Working on today’s Connections and want a clean nudge before the full solution? Below are quick, spoiler-light hints followed by the exact categories and word groups for Puzzle #868 (Sunday, October 26, 2025). If you’d rather solve it first, open the game at nytimes.com/games/connections.
NYT Connections #868 quick hints (no spoilers)
| Category color | Nudge hint |
|---|---|
| Yellow | Instrument families/classifications |
| Green | Words from a famed boxer’s quote |
| Blue | Types of competitions |
| Purple | Words with “small-sounding” suffixes |
Single-word reveals (light spoilers)
| Category color | One included word |
|---|---|
| Yellow | WIND |
| Green | BEE |
| Blue | BEAUTY |
| Purple | DOGGY |
NYT Connections #868 answers (full categories)
| Color | Category | Words |
|---|---|---|
| Yellow | Kinds of instruments | Brass, Percussion, String, Wind |
| Green | Words in a famous Muhammad Ali quote | Bee, Butterfly, Float, Sting |
| Blue | Kinds of contests | Beauty, Popularity, Staring, Talent |
| Purple | Words with diminutive suffixes | Doggy, Droplet, Kitchenette, Starling |
Why these sets fit
Instrument families (Yellow): Brass, percussion, string, and wind are standard classifications used to group musical instruments by how they produce sound.

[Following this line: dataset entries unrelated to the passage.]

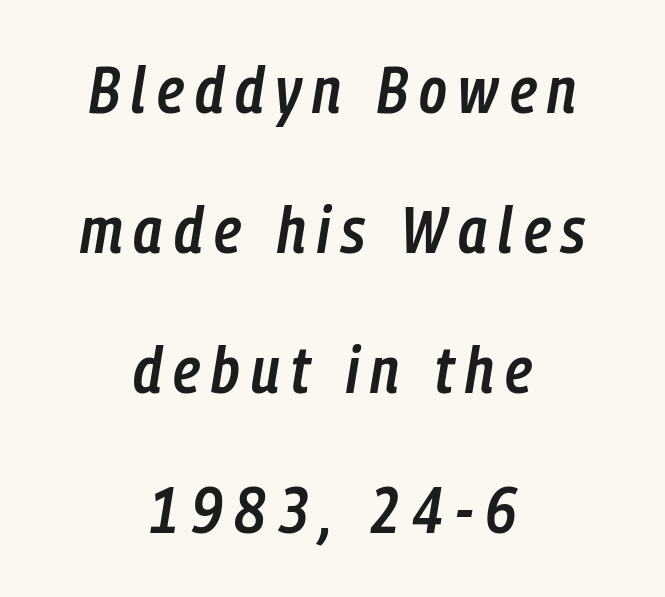
Q: Is the text bold? A: Semi-bold.
Q: Is the text italic (slanted)? A: Yes, it leans right by about 9 degrees.
Q: Is the text underlined? A: No.
Q: How is the paragraph aligned? A: Centered.
Q: Is the spacing between lines tight, normal or loose? A: Loose.
Q: Width (condensed, normal, or wide)? A: Condensed.
Q: Stroke contrast? A: Low.
Q: x-height? A: Medium.
Q: Monospaced? A: No.
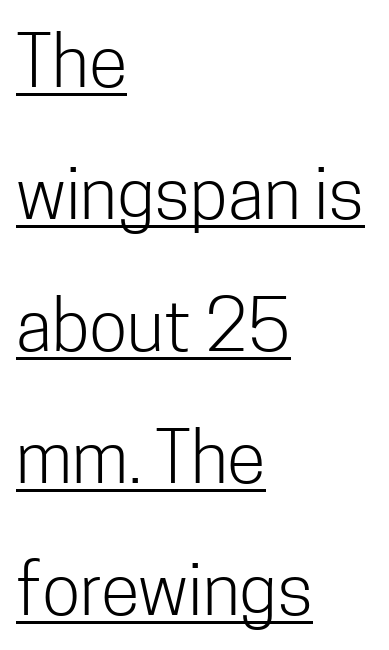
Q: Is the text bold? A: No.
Q: Is the text italic (slanted)? A: No, it is upright.
Q: Is the typeface a serif or a sans-serif typeface? A: Sans-serif.
Q: Is the text underlined? A: Yes.
Q: How is the paragraph aligned? A: Left-aligned.
Q: Is the spacing between letters normal or unusually wide? A: Normal.
Q: Width (condensed, normal, or wide)? A: Condensed.
Q: Stroke contrast? A: Low.
Q: x-height? A: Medium.
Q: Monospaced? A: No.
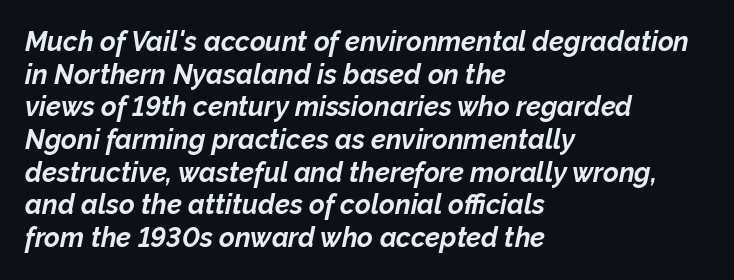
Q: Is the text bold? A: Yes.
Q: Is the text italic (slanted)? A: Yes, it leans right by about 12 degrees.
Q: Is the text underlined? A: No.
Q: How is the paragraph aligned? A: Left-aligned.
Q: Is the spacing between letters normal or unusually wide? A: Normal.
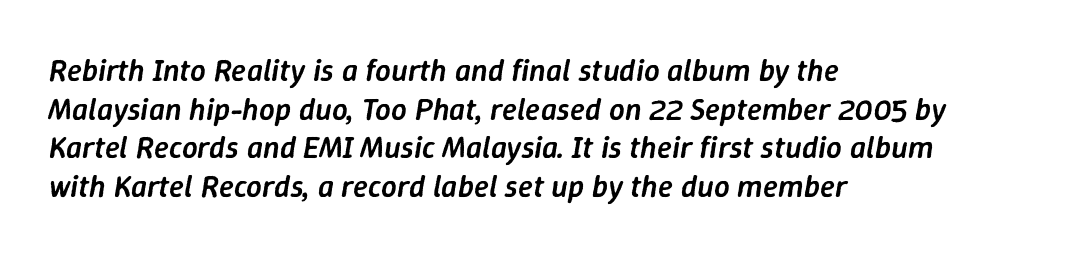
Each word holds together tightly as a unit, with standard inter-letter gaps. The specimen reads as italic at a glance. How heavy is the stroke? Medium-heavy — a semibold, shy of bold. A normal amount of white space separates one row of letters from the next. Short and long lines alike share a common starting point at left. Anything drawn beneath the words? Only blank space.
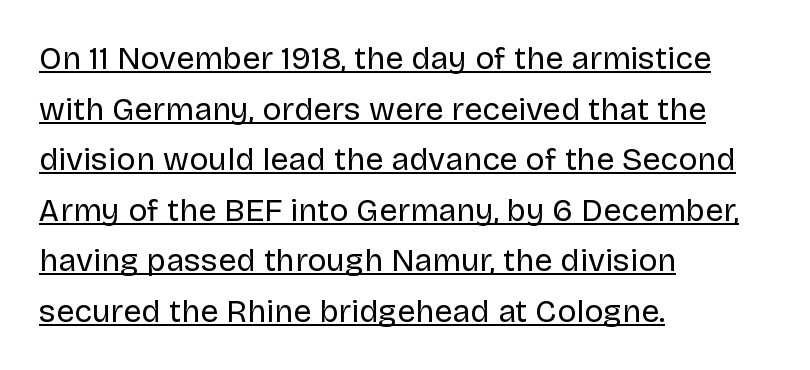
The lines sit at an ordinary, default distance from one another. Letter spacing: default. These lines stack with their left ends in a neat column. The axis of the letterforms is exactly vertical. Has an underline been added? It has. The characters display no serif detailing; their extremities are plain.
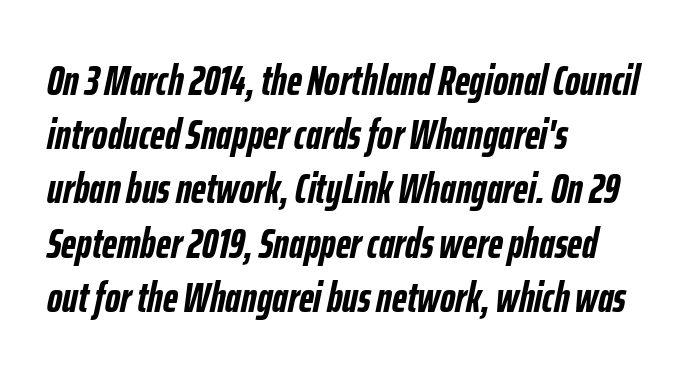
Q: Is the text bold? A: Yes.
Q: Is the text italic (slanted)? A: Yes, it leans right by about 12 degrees.
Q: Is the text underlined? A: No.
Q: How is the paragraph aligned? A: Left-aligned.
Q: Is the spacing between letters normal or unusually wide? A: Normal.
Q: Is the spacing between lines tight, normal or loose? A: Normal.
Q: Width (condensed, normal, or wide)? A: Condensed.
Q: Stroke contrast? A: Low.
Q: x-height? A: Medium.
Q: Monospaced? A: No.
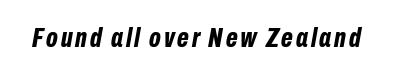
Is this a fixed-width face? No — the glyphs have proportional, varying widths. The rendering uses a bold face; every stroke is thick and dark. Nobody drew a line under any word here. Designer's note — italics engaged.
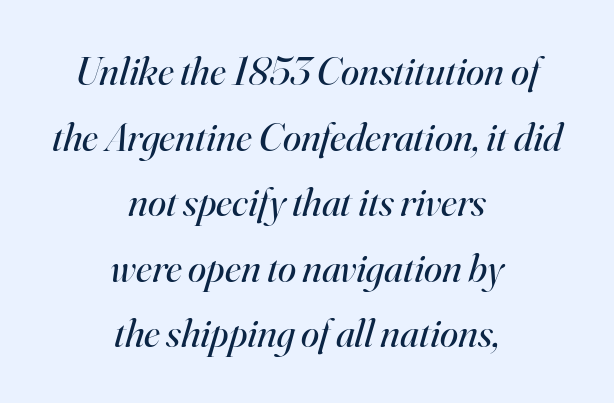
The image shows 41 px regular-weight serif type, italic (leaning right); set centered, normal line spacing (1.6x), normal letter spacing, not underlined; high stroke contrast and a small x-height.
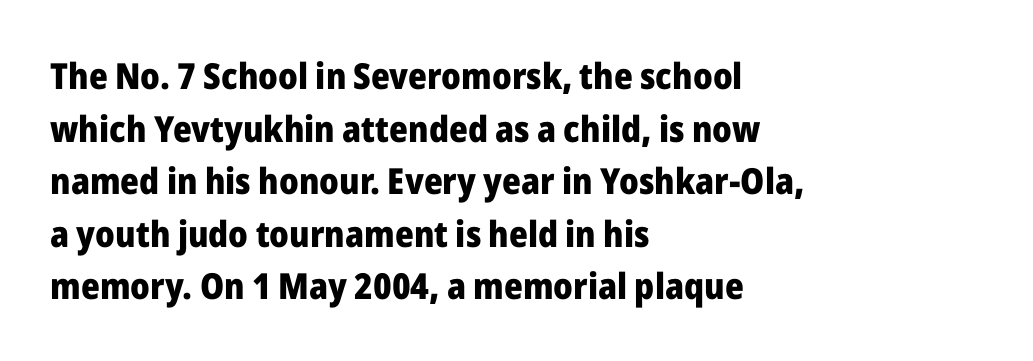
When letters stand straight like this, we call the style roman or upright. All the whitespace from short lines collects on the right. The rendering shows plain stroke endings on the letterforms — a sans-serif design. Spacing between characters is what you'd get straight out of the box. Baseline-to-baseline distance is the conventional proportion of letter height.
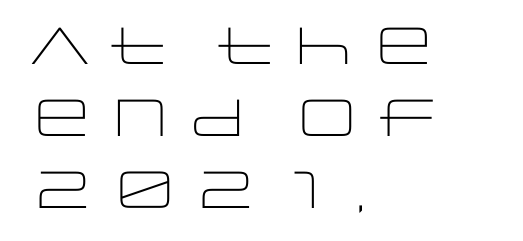
Nobody touched the tracking dial on this one. Notice how descenders clear the ascenders below comfortably — that's standard leading. No heavy texture on the line: the type isn't bold. One-word summary of the alignment: left. Spacing verdict: proportional, widths tailored to each character. A clean baseline with only descenders dipping below it.
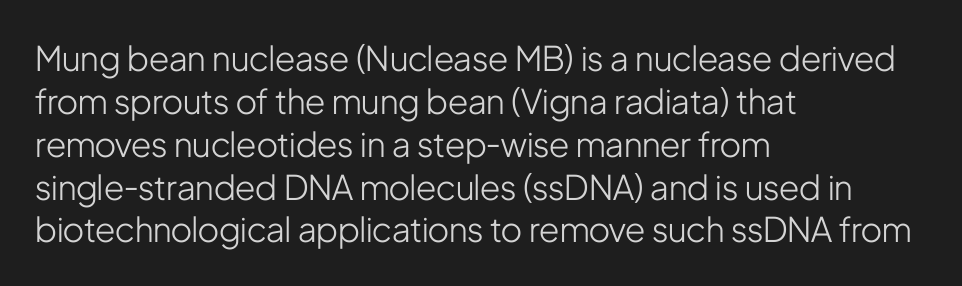
Q: Is the text bold? A: No.
Q: Is the text italic (slanted)? A: No, it is upright.
Q: Is the typeface a serif or a sans-serif typeface? A: Sans-serif.
Q: Is the text underlined? A: No.
Q: How is the paragraph aligned? A: Left-aligned.
Q: Is the spacing between letters normal or unusually wide? A: Normal.
Q: Is the spacing between lines tight, normal or loose? A: Normal.
Q: Width (condensed, normal, or wide)? A: Condensed.
Q: Stroke contrast? A: Low.
Q: x-height? A: Medium.
Q: Monospaced? A: No.
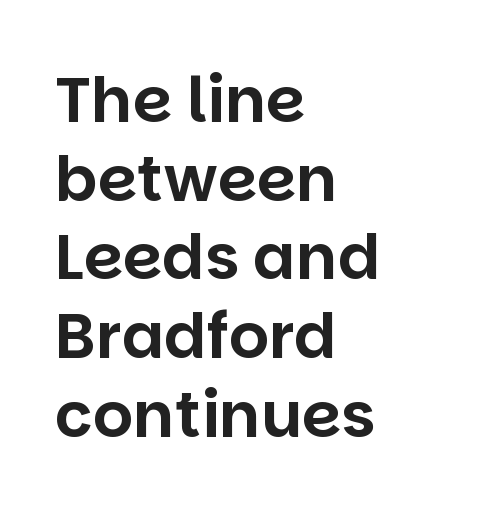
Q: Is the text italic (slanted)? A: No, it is upright.
Q: Is the typeface a serif or a sans-serif typeface? A: Sans-serif.
Q: Is the text underlined? A: No.
Q: How is the paragraph aligned? A: Left-aligned.
Q: Is the spacing between letters normal or unusually wide? A: Normal.
Q: Is the spacing between lines tight, normal or loose? A: Normal.
Q: Width (condensed, normal, or wide)? A: Normal.
Q: Stroke contrast? A: Low.
Q: x-height? A: Large.
Q: Monospaced? A: No.
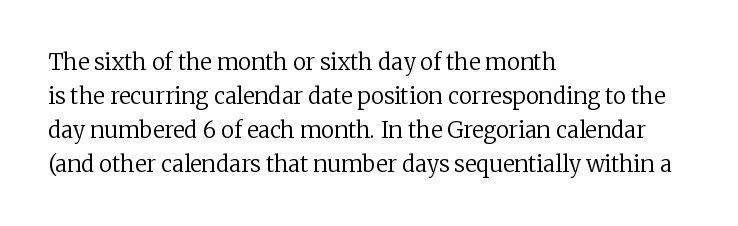
These lines stack with their left ends in a neat column. Any mark beneath the type? The region is blank. Short note: letters normally spaced. The type sits square on the baseline with zero lean.
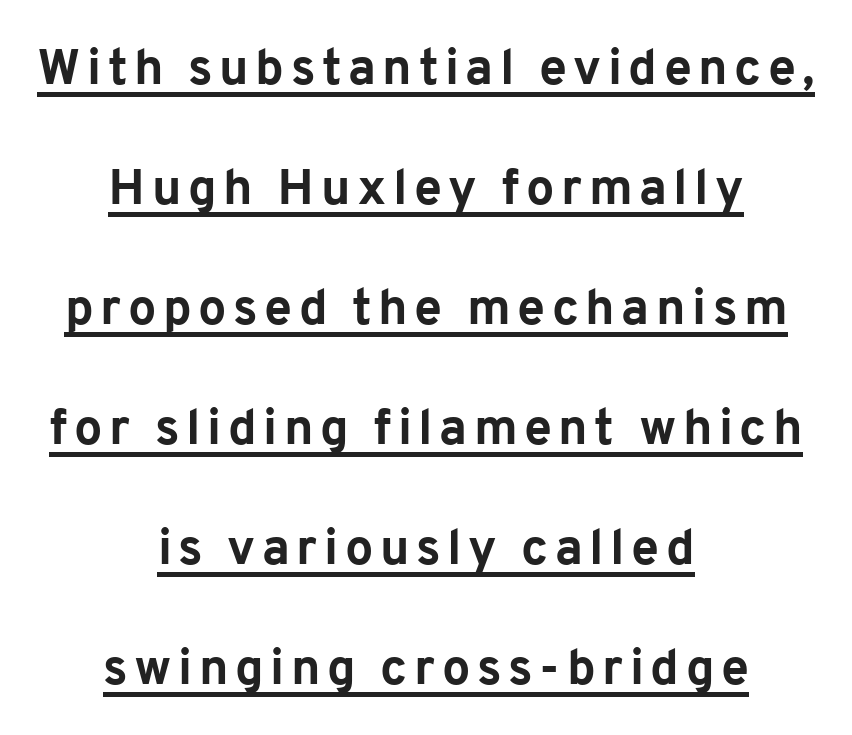
{"serif": "no", "italic": "no", "bold": "yes", "weight": "bold", "width": "normal", "stroke_contrast": "low", "x_height": "medium", "monospaced": "no", "underline": "yes", "align": "center", "line_spacing": "loose", "line_spacing_ratio": 2.4, "glyph_px": 50}
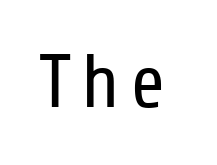
Q: Is the text bold? A: No.
Q: Is the text italic (slanted)? A: No, it is upright.
Q: Is the typeface a serif or a sans-serif typeface? A: Sans-serif.
Q: Is the text underlined? A: No.
Q: Width (condensed, normal, or wide)? A: Condensed.
Q: Stroke contrast? A: Low.
Q: x-height? A: Medium.
Q: Monospaced? A: No.
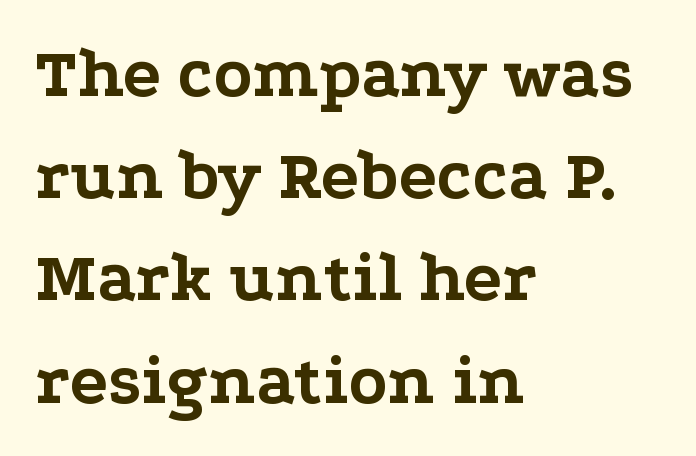
Q: Is the text bold? A: Yes.
Q: Is the text italic (slanted)? A: No, it is upright.
Q: Is the typeface a serif or a sans-serif typeface? A: Serif.
Q: Is the text underlined? A: No.
Q: How is the paragraph aligned? A: Left-aligned.
Q: Is the spacing between letters normal or unusually wide? A: Normal.
Q: Is the spacing between lines tight, normal or loose? A: Normal.
Q: Width (condensed, normal, or wide)? A: Wide.
Q: Stroke contrast? A: Low.
Q: x-height? A: Medium.
Q: Monospaced? A: No.
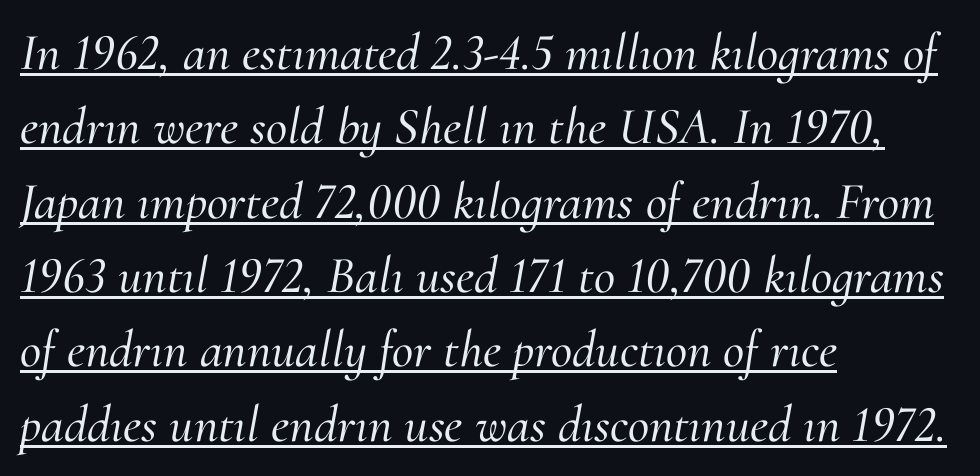
The image shows 52 px serif type, italic (leaning right); set left-aligned, normal line spacing (1.43x), normal letter spacing, underlined; medium stroke contrast and a small x-height.
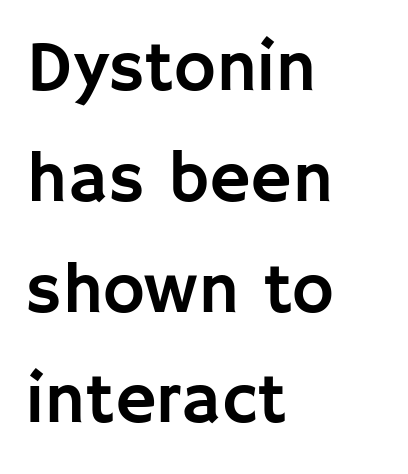
{"serif": "no", "italic": "no", "width": "normal", "stroke_contrast": "low", "x_height": "large", "monospaced": "no", "underline": "no", "align": "left", "line_spacing": "normal", "line_spacing_ratio": 1.56, "letter_spacing": "normal", "letter_spacing_em": 0.0, "glyph_px": 71}

Ali quote (Green): “Float like a butterfly, sting like a bee” is the well-known phrasing; all four words appear in or align with that line.
Contest types (Blue): Beauty contests, popularity contests, staring contests, and talent contests are all common forms of competition.
Diminutive suffixes (Purple): Each word ends in a suffix often used to indicate smallness or affection: -y/-ie (doggy), -let (droplet), -ette (kitchenette), and -ling (starling).
Today’s difficulty
Editor rating: 2.5 out of 5. Expect a generally approachable wall with some misdirection among the contest types and the diminutive suffix group.
That’s the wall. If you’re protecting a streak, use the nudge table first, then peek at the single-word reveals before the full answers.